WHAT IS EXPECTED ->
Repeat the data that follows exactly, starting at the line with "ކްލާހުން އިކޮނޮމީ ކްލާހަށް" and ending at the line with "го́да возглавл'явшеис'я патр'иа́рхом", and leave out every picture.

Dataset excerpts

★ ★ ★ ★ ★

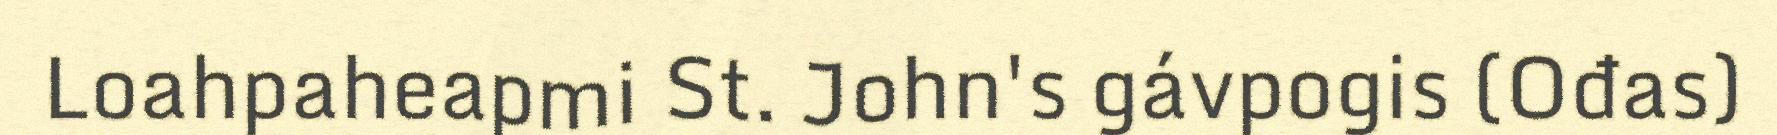
Loahpaheapmi St. John's gávpogis (Ođas)
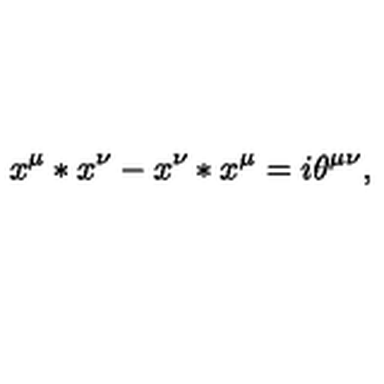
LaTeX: x ^ { \mu } * x ^ { \nu } - x ^ { \nu } * x ^ { \mu } = i \theta ^ { \mu \nu } ,
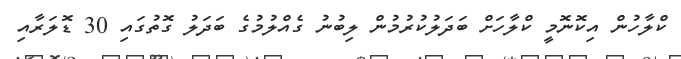
ކްލާހުން އިކޮނޮމީ ކްލާހަށް ބަދަލުކުރުމުން ލިބުނު ގެއްލުމުގެ ބަދަލު ގޮތުގައި 30 ޑޮލަރާއި
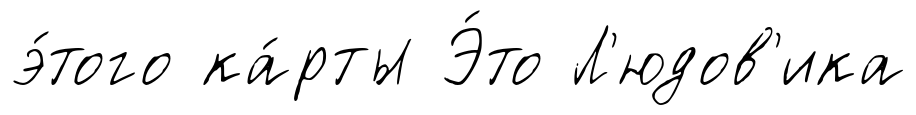
э́того ка́рты Э́то Л'юдов'ика
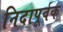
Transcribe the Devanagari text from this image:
निदापूर्वक
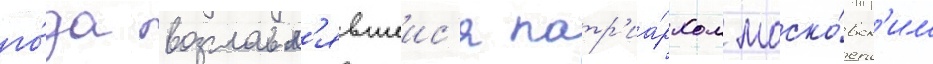
го́да возглавл'явшеис'я патр'иа́рхом моско́вск'им
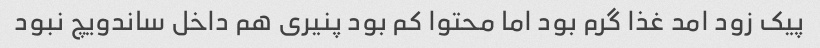
پیک زود امد غذا گرم بود اما محتوا کم بود پنیری هم داخل ساندویچ نبود
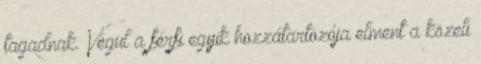
tagadnak. Végül a férfi egyik hozzátartozója elment a közeli
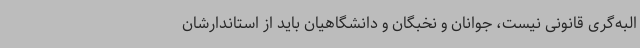
البه‌گری قانونی نیست، جوانان و نخبگان و دانشگاهیان باید از استاندارشان

★ ★ ★ ★ ★

YOUR SOLUTION ->
ކްލާހުން އިކޮނޮމީ ކްލާހަށް ބަދަލުކުރުމުން ލިބުނު ގެއްލުމުގެ ބަދަލު ގޮތުގައި 30 ޑޮލަރާއި
э́того ка́рты Э́то Л'юдов'ика
Transcribe the Devanagari text from this image:
निदापूर्वक
го́да возглавл'явшеис'я патр'иа́рхом моско́вск'им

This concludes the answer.